─── ENTRIES SUPPLIED
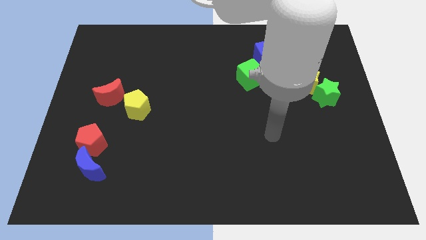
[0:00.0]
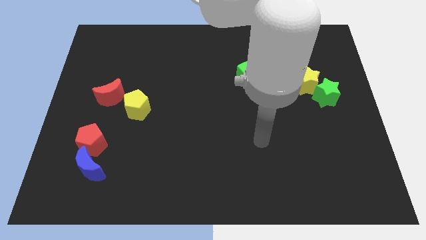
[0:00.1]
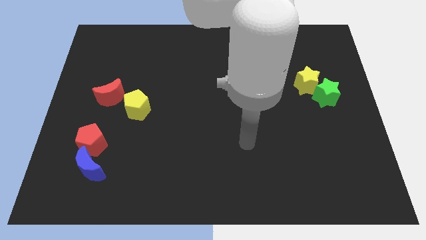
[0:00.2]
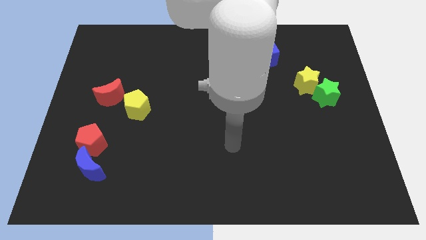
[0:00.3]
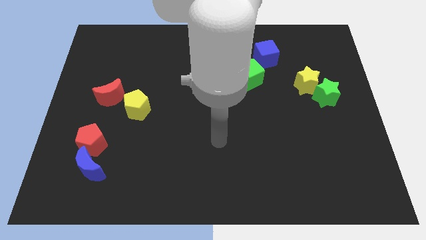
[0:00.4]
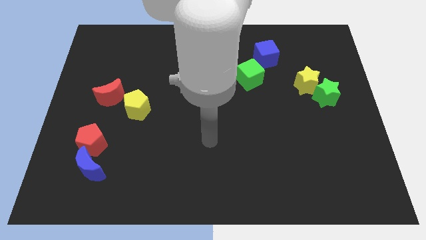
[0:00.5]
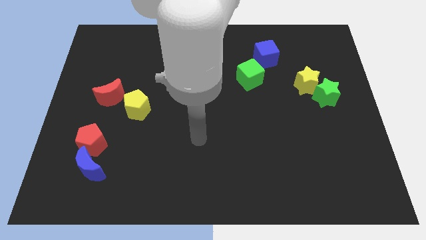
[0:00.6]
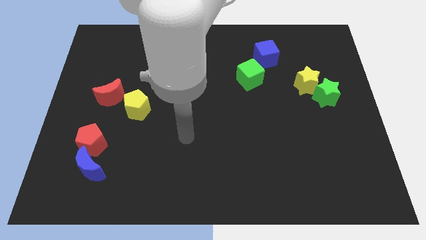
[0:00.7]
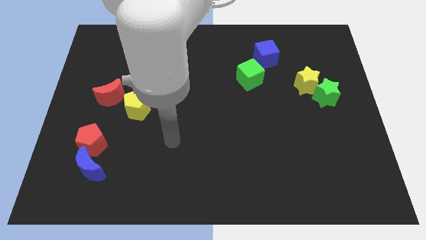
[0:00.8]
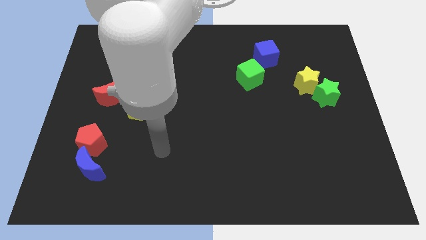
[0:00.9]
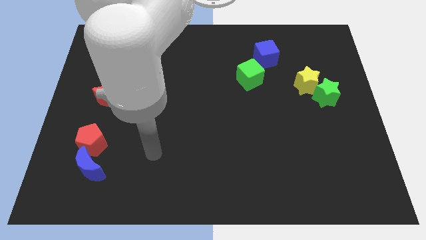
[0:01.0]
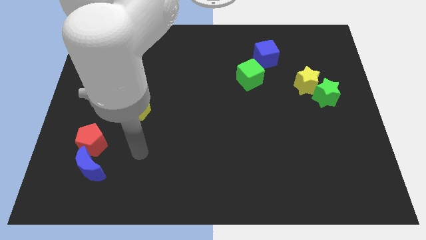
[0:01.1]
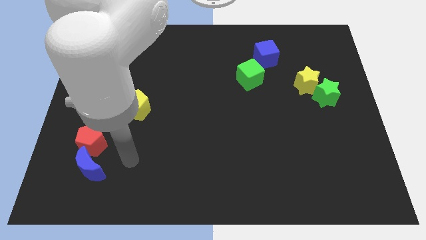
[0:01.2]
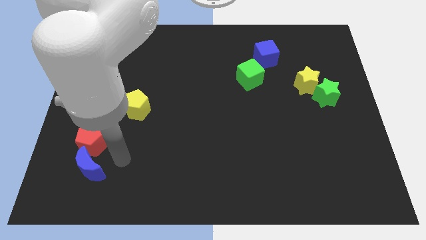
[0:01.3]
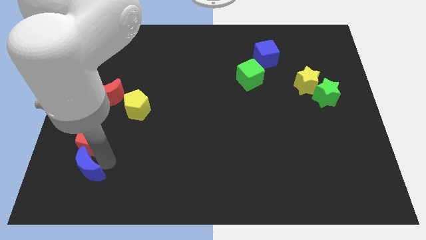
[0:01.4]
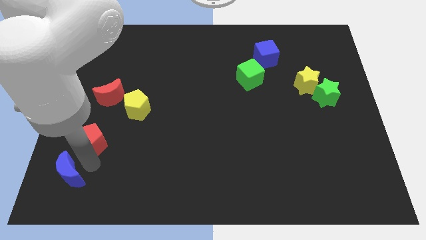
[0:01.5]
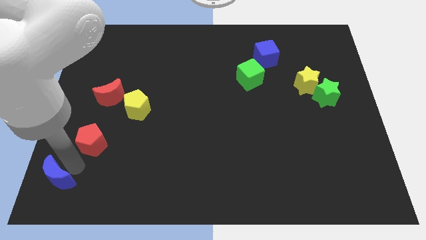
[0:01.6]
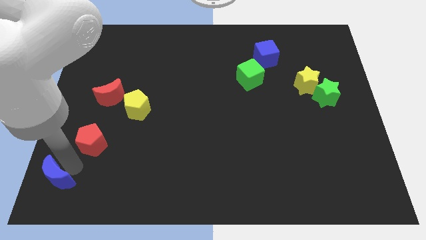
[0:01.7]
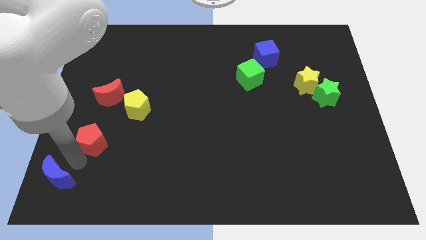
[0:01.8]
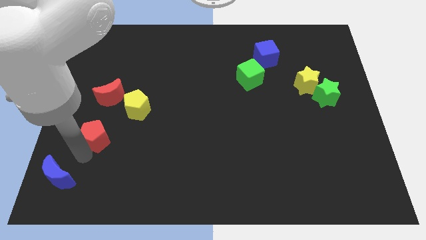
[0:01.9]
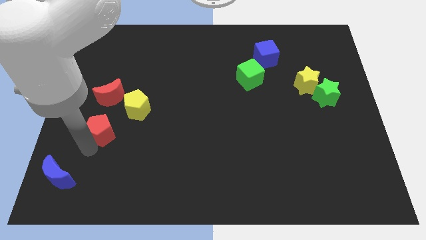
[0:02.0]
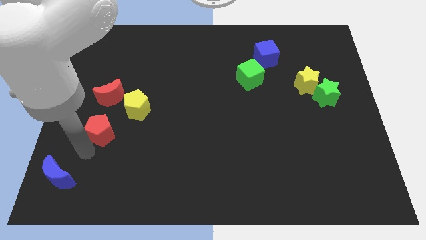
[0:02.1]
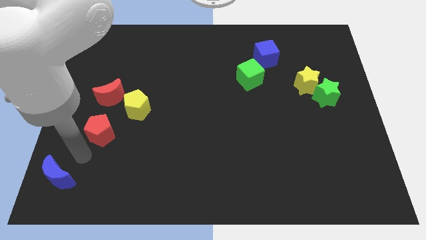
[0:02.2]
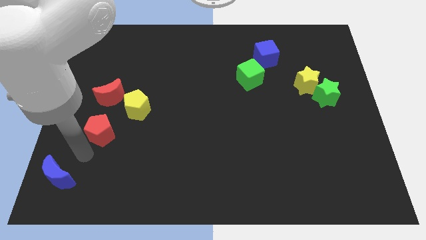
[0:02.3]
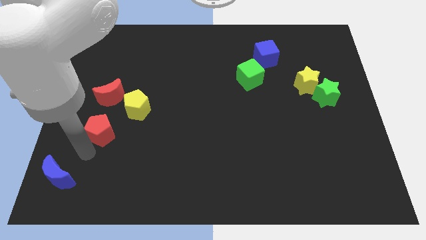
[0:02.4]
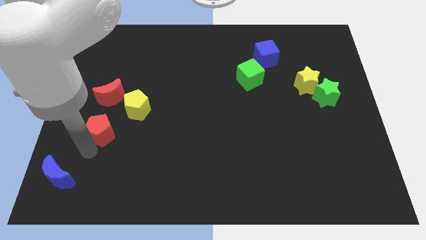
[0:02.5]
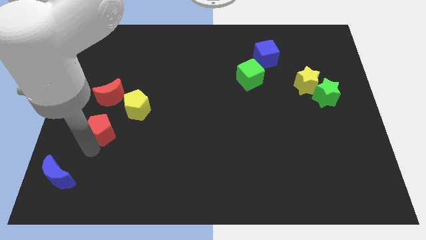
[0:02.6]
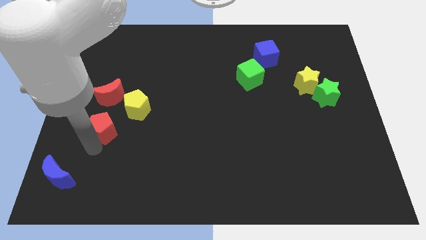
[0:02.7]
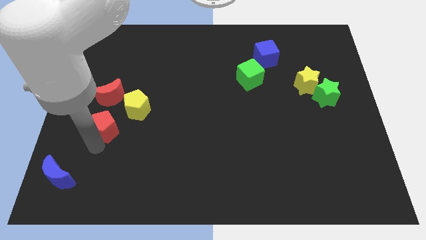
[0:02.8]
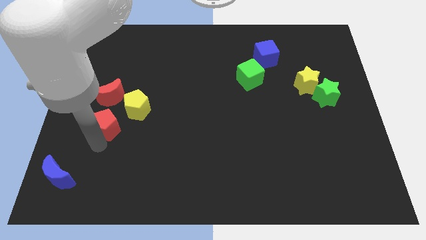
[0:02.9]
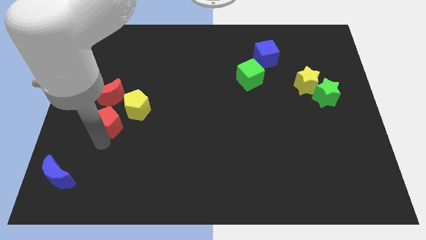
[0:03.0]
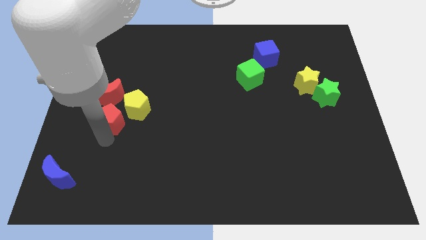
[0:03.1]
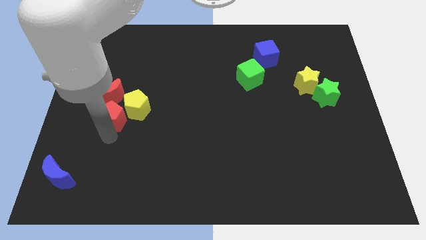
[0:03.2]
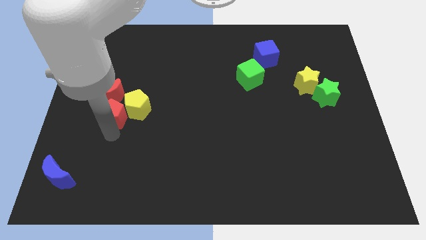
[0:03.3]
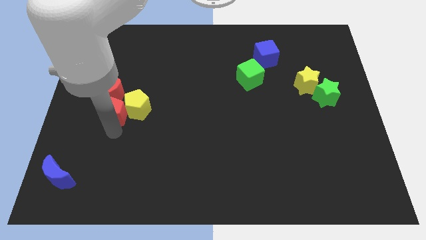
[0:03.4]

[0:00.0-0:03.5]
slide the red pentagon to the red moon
──────
(GOAL OF THE EXERCISE): Could you restate the entries word for word, skipping any pictures?

(EXERCISE OUTPUT):
[0:00.0]
[0:00.1]
[0:00.2]
[0:00.3]
[0:00.4]
[0:00.5]
[0:00.6]
[0:00.7]
[0:00.8]
[0:00.9]
[0:01.0]
[0:01.1]
[0:01.2]
[0:01.3]
[0:01.4]
[0:01.5]
[0:01.6]
[0:01.7]
[0:01.8]
[0:01.9]
[0:02.0]
[0:02.1]
[0:02.2]
[0:02.3]
[0:02.4]
[0:02.5]
[0:02.6]
[0:02.7]
[0:02.8]
[0:02.9]
[0:03.0]
[0:03.1]
[0:03.2]
[0:03.3]
[0:03.4]

[0:00.0-0:03.5]
slide the red pentagon to the red moon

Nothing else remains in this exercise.